If you are not familiar with RPN, please read the short explanation in the wikipedia article. Basically, all operations can be written down without parentheses, for example (1-2)*(3+4) is 1 2 - 3 4 + * in RPN, while 1-(2*(3+4)) becomes 1 2 3 4 + * -.

Here is a simple implementation of an RPN parser. I separated an list of objects from an RPN sequence, so that the same sequence can be used for directly for different lists.

def rpn(arr, seq):
    '''
    Reverse Polish Notation algorithm
    (this version works only for binary operators)
    arr: array of objects 
    seq: rpn sequence containing indices of objects from arr and functions
    '''
    stack = []
    for x in seq:
        if isinstance(x, int):
        # it's an object: push it to stack
            stack.append(arr[x])
        else:
        # it's a function: pop two objects, apply the function, push the result to stack 
            b = stack.pop()
            #a = stack.pop()
            #stack.append(x(a,b))
            ## shortcut:
            stack[-1] = x(stack[-1], b)
    return stack.pop()

Example of usage:

# Say we have an array 
arr = [100, 210, 42, 13] 
# and want to calculate 
(100 - 210) * (42 + 13) 
# It translates to RPN: 
100 210 - 42 13 + * 
# or 
arr[0] arr[1] - arr[2] arr[3] + * 
# So we apply `
rpn(arr,[0, 1, subtract, 2, 3, add, multiply])

To apply RPN to your case you'd need either to generate rpn sequences from scratch or to convert your (pair_indexes, binary_functions) into them. I haven't thought about a converter but it surely can be done.

Tests

Your original test comes first:

r = 100000
xs = [random() for _ in range(r)]
ps = [0]*(r-1)
fs = repeat(add)
foo = ordered_reduce(None, ps, fs, precompute=True)
rpn_seq = [0] + [x for i, f in zip(range(1,r), repeat(add)) for x in (i,f)]
rpn_seq2 = list(range(r)) + list(repeat(add,r-1))
# Here rpn_seq denotes (_ + (_ + (_ +( ... )...))))
# and rpn_seq2 denotes ((...( ... _)+ _) + _).
# Obviously, they are not equivalent but with 'add' they yield the same result. 

%timeit reduce(add, xs)
100 loops, best of 3: 7.37 ms per loop
%timeit foo(xs)
1 loops, best of 3: 1.71 s per loop
%timeit rpn(xs, rpn_seq)
10 loops, best of 3: 79.5 ms per loop
%timeit rpn(xs, rpn_seq2)
10 loops, best of 3: 73 ms per loop

# Pure numpy just out of curiosity:
%timeit np.sum(np.asarray(xs))
100 loops, best of 3: 3.84 ms per loop
xs_np = np.asarray(xs)
%timeit np.sum(xs_np)
The slowest run took 4.52 times longer than the fastest.
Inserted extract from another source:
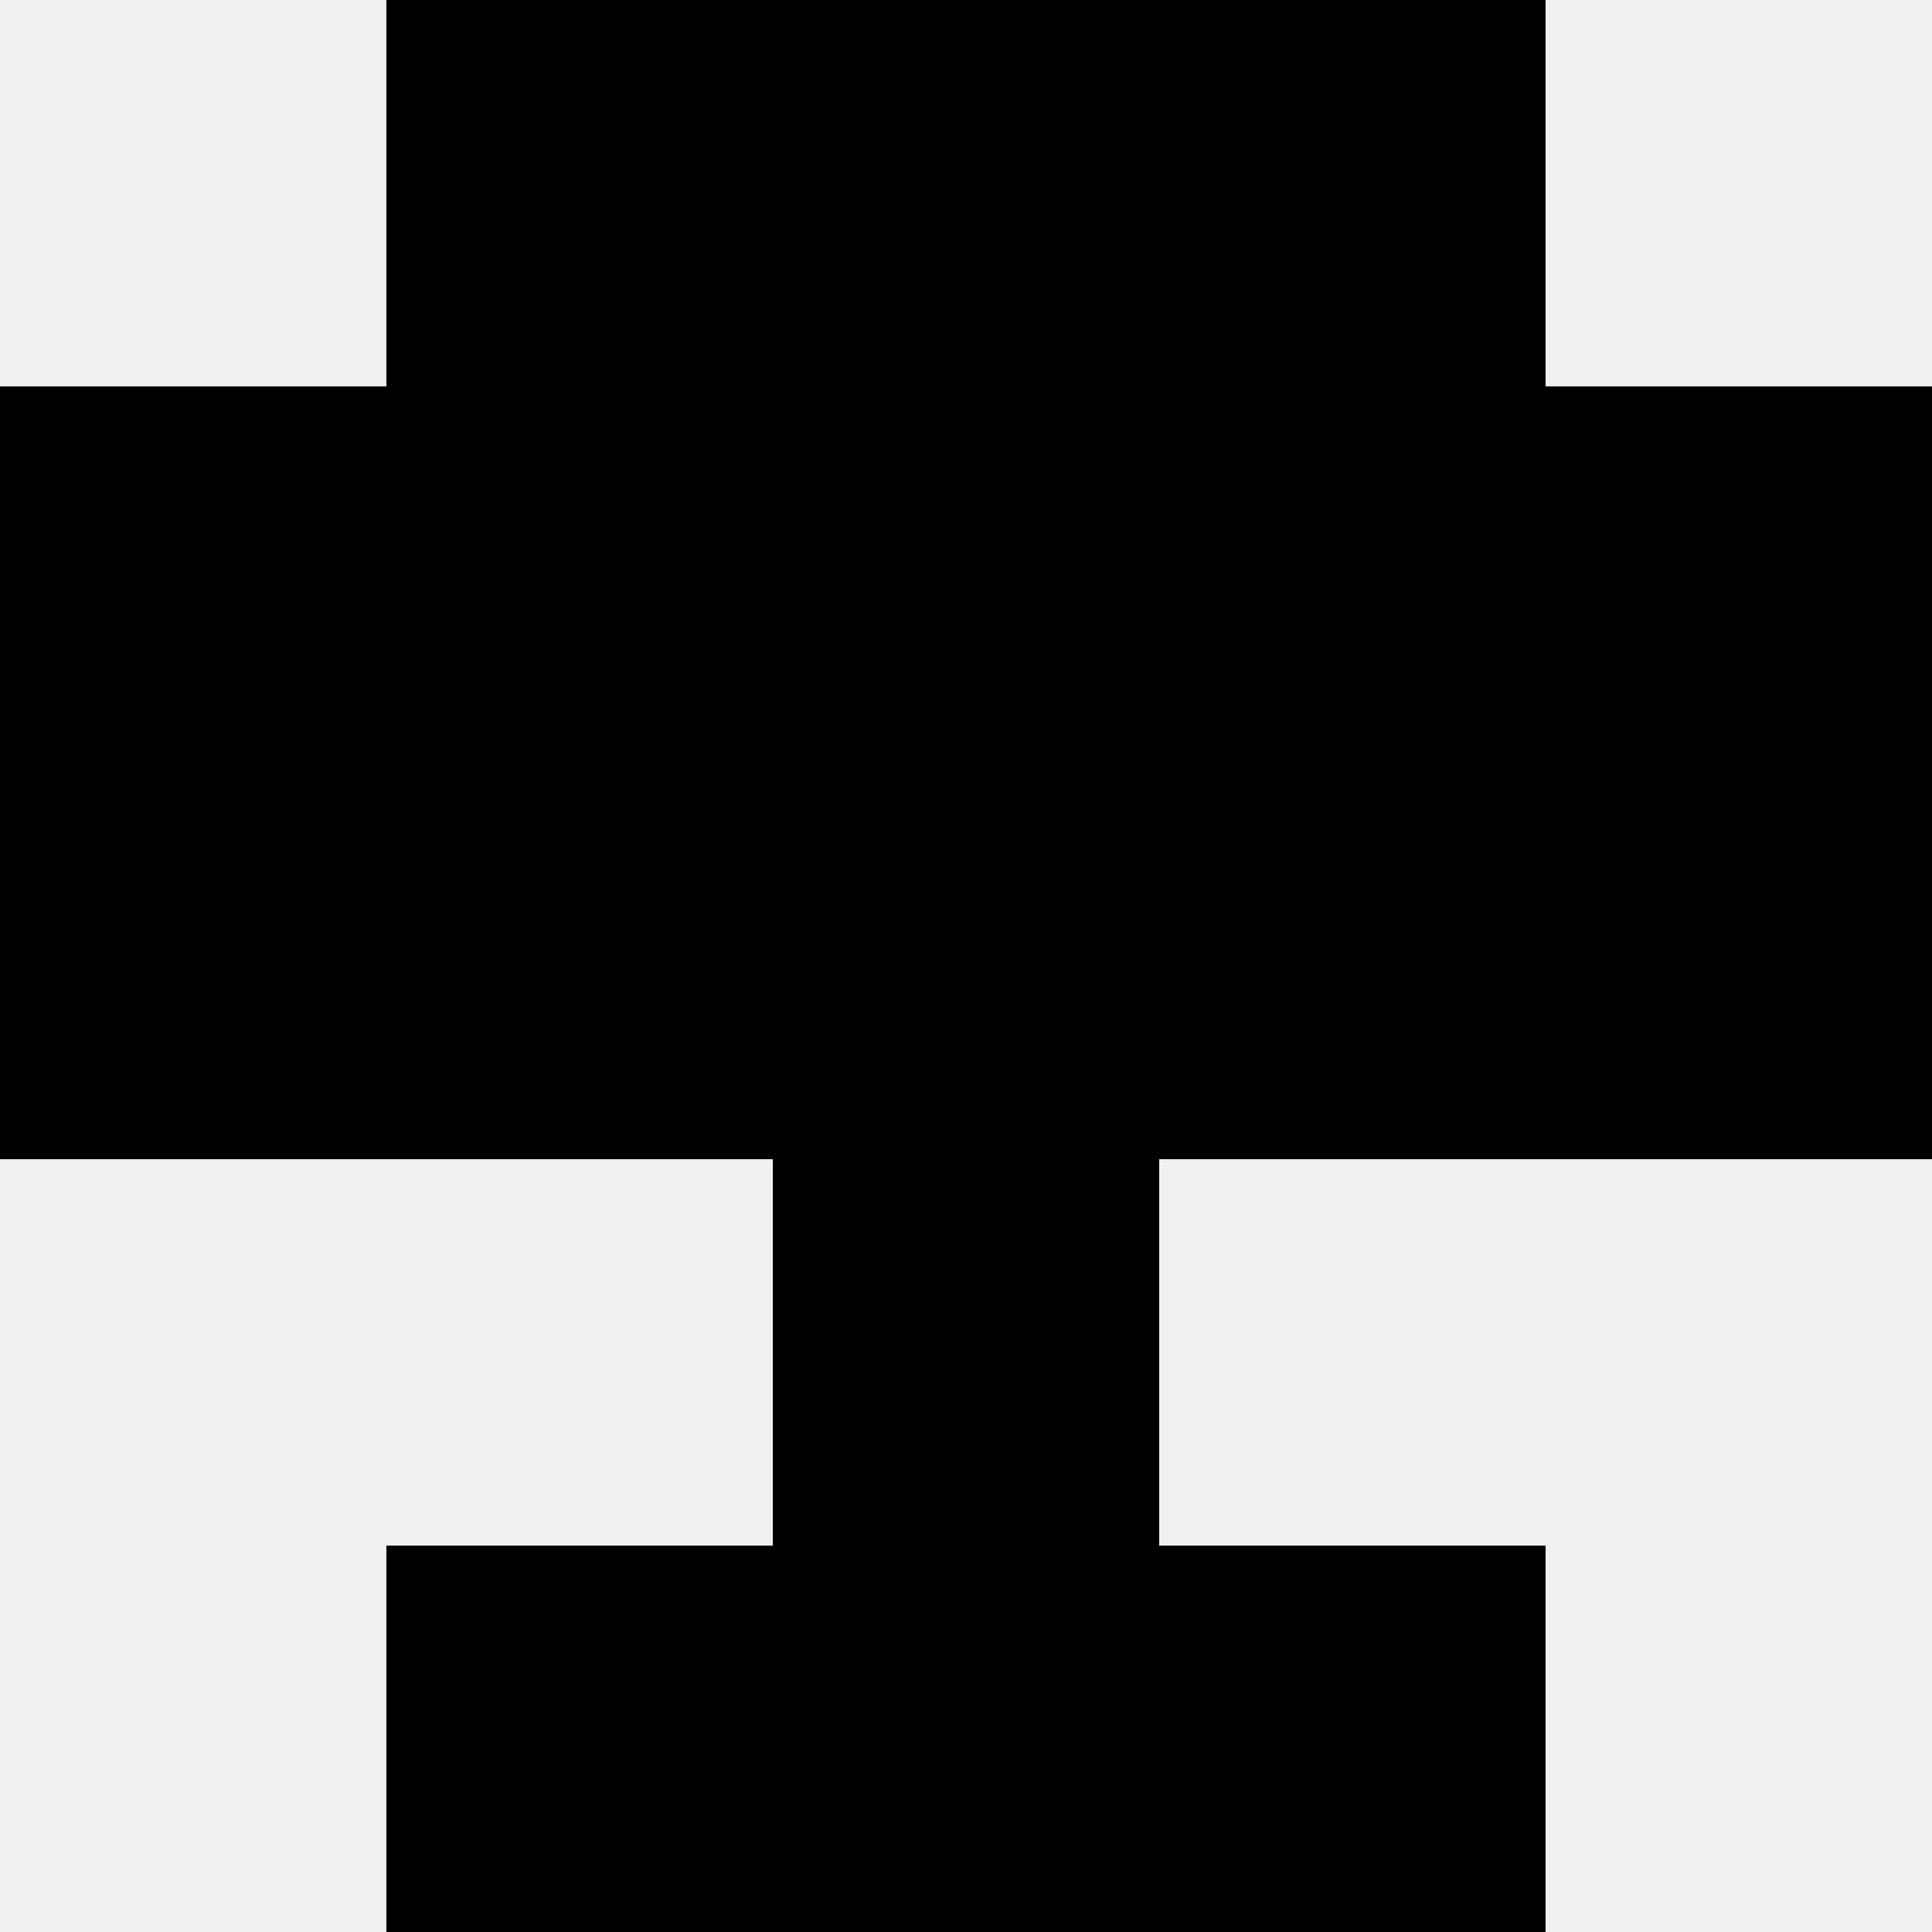 <svg width='80' height='80' xmlns='http://www.w3.org/2000/svg'><rect width='100%' height='100%' fill='#f0f0f0'/><rect x='16' y='0' width='16' height='16' fill='hsl(98, 70%, 50%)' /><rect x='48' y='0' width='16' height='16' fill='hsl(98, 70%, 50%)' /><rect x='32' y='0' width='16' height='16' fill='hsl(98, 70%, 50%)' /><rect x='32' y='0' width='16' height='16' fill='hsl(98, 70%, 50%)' /><rect x='0' y='16' width='16' height='16' fill='hsl(98, 70%, 50%)' /><rect x='64' y='16' width='16' height='16' fill='hsl(98, 70%, 50%)' /><rect x='16' y='16' width='16' height='16' fill='hsl(98, 70%, 50%)' /><rect x='48' y='16' width='16' height='16' fill='hsl(98, 70%, 50%)' /><rect x='32' y='16' width='16' height='16' fill='hsl(98, 70%, 50%)' /><rect x='32' y='16' width='16' height='16' fill='hsl(98, 70%, 50%)' /><rect x='0' y='32' width='16' height='16' fill='hsl(98, 70%, 50%)' /><rect x='64' y='32' width='16' height='16' fill='hsl(98, 70%, 50%)' /><rect x='16' y='32' width='16' height='16' fill='hsl(98, 70%, 50%)' /><rect x='48' y='32' width='16' height='16' fill='hsl(98, 70%, 50%)' /><rect x='32' y='32' width='16' height='16' fill='hsl(98, 70%, 50%)' /><rect x='32' y='32' width='16' height='16' fill='hsl(98, 70%, 50%)' /><rect x='32' y='48' width='16' height='16' fill='hsl(98, 70%, 50%)' /><rect x='32' y='48' width='16' height='16' fill='hsl(98, 70%, 50%)' /><rect x='16' y='64' width='16' height='16' fill='hsl(98, 70%, 50%)' /><rect x='48' y='64' width='16' height='16' fill='hsl(98, 70%, 50%)' /><rect x='32' y='64' width='16' height='16' fill='hsl(98, 70%, 50%)' /><rect x='32' y='64' width='16' height='16' fill='hsl(98, 70%, 50%)' /></svg>

This could mean that an intermediate result is being cached 
10000 loops, best of 3: 48.5 µs per loop

So, rpn was 10 times slower than reduce but about 20 times faster than ordered_reduce.

Now, let's try something more complicated: alternately adding and multiplying matrices. I need a special function for it to test against reduce.

add_or_dot_b = 1
def add_or_dot(x,y):
    '''calls 'add' and 'np.dot' alternately'''
    global add_or_dot_b
    if add_or_dot_b:
        out = x+y
    else:
        out = np.dot(x,y)
    add_or_dot_b = 1 - add_or_dot_b
    # normalizing out to avoid `inf` in results
    return out/np.max(out)

r = 100001      # +1 for convenience
                # (we apply an even number of functions) 
xs = [np.random.rand(2,2) for _ in range(r)]
ps = [0]*(r-1)
fs = repeat(add_or_dot)
foo = ordered_reduce(None, ps, fs, precompute=True)
rpn_seq = [0] + [x for i, f in zip(range(1,r), repeat(add_or_dot)) for x in (i,f)]

%timeit reduce(add_or_dot, xs)
1 loops, best of 3: 894 ms per loop
%timeit foo(xs)
1 loops, best of 3: 2.72 s per loop
%timeit rpn(xs, rpn_seq)
1 loops, best of 3: 1.17 s per loop

Here, rpn was roughly 25% slower than reduce and more than 2 times faster than ordered_reduce.